自行车行进中跳上车,屁股坐稳后右腿才跨过车杠。
自行车快速行驶中,突然双手一推龙头,身子向后退下,再快步跑上前去抓住还在继续前行的自行车。
搭载两人:一人先横坐在车杠上,骑车人骑行后,一人再坐在后面衣架上。
自行车在公路上快速行驶中,双手离开车龙头,利用身体控制平衡,还可以转弯。幸好那时公路上汽车不多,而且车速满。虽然没有听说过出事故,现在想来还是很危险的。
大家喜欢自行车,经常的聊天使我们的知识增加,眼界开阔,向往外面的世界。
自行车有轻便车、加重车之分。平常所见的都是轻便车。有些车中间有两根车杠,轮胎可能还宽一些,后轮两边有铁架,放下可以载重几十上百公斤。这就是加重车。听说成都川西平原的农民到送公粮、运肥料、到地里干活都是骑车,加重车居多。
我们在县城所看到的自行车都是铁条连接的橡皮刹车,但是还听说有回链刹车和轮毂刹车,还知道有全链盒,链条既不会掉,还不会弄脏裤脚。
大家还知道自行车有二八、二六之分,我们在县城见到的都是二八车,在成都北京上海等大城市有二八车,主要是女同志骑的。
那时国内的自行车基本上只有三个牌子,上海产的永久牌,凤凰牌,和天津产的飞鸽牌。我说我从书上读到过,英国有三枪牌和菲利普牌。

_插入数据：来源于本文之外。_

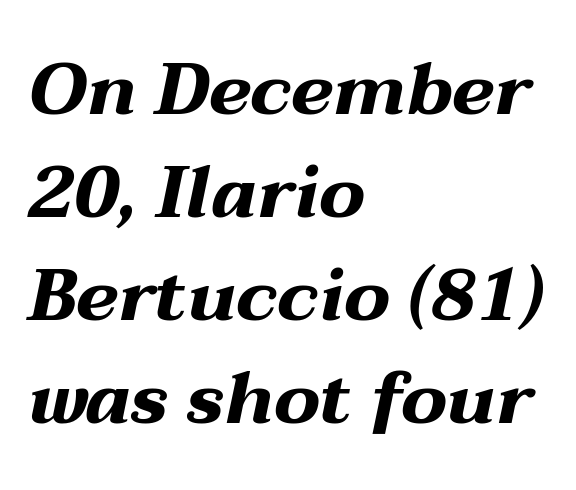
The image shows 73 px bold, wide type, italic (leaning right); set left-aligned, normal line spacing (1.41x), normal letter spacing, not underlined; medium stroke contrast and a medium x-height.
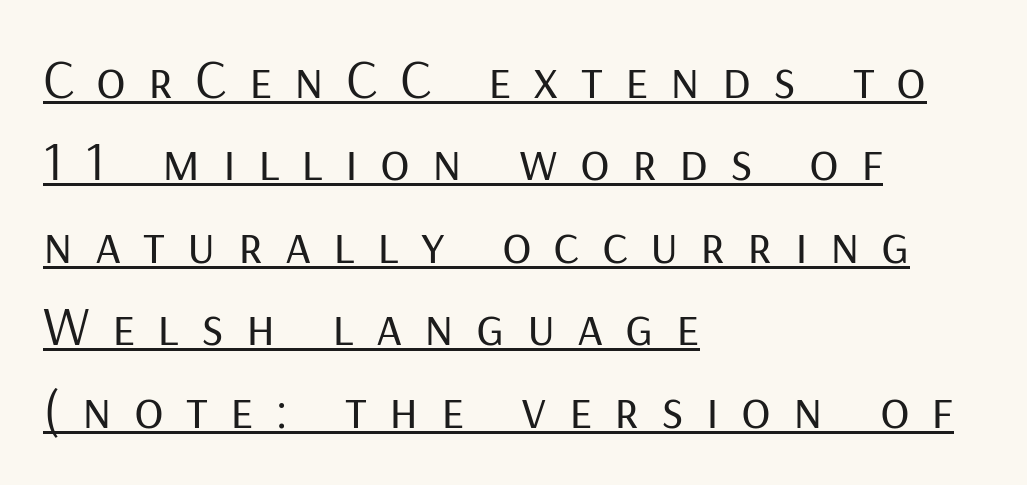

我们这种无拘无束、无忧无虑的生活延续到1968年底。
1968年12月伟大领袖一声号令“知识青年到农村去,接受贫下中农的再教育”,66、67、68级学生全部离校,上山下乡去农村。
我们1969年3-7月最后一学期复课闹革命,又遇上九大召开,排练忠字舞是头等大事,参加全县各种的庆祝活动花去近两个月时间。
为了不变色,我们还要参加劳动。这次是在学校养蚕,于是经常整天到附近农村强采桑叶喂蚕宝宝。来回的路上大家还学知青,在公路上强行随意拦下汽车载人,或站在驾驶室两边车踏板上。
这一学期,语文只学了一些社论、领袖的诗词和“看了逼上梁山写给延安评剧院的信”,英语学了几个字母,数学学到一元一次方程。
7月初,我们多数同学未满16岁,少数不到15岁,就毕业离开学校了,尽管我们都不知道初中应该学习什么课程。
我们就这样告别了我们的少年时代,过早地踏上社会。
1970年左右,母校红卫中学被撤销,下面球场改建成灯光球场,铺就水泥地面,就成了全县设备最完善、最摩登的球场,晚上锻炼打篮球的人不少,球赛也恢复了。
不过那时我们已经四散,到处打零工,一年多以后又到农村插队当知青了。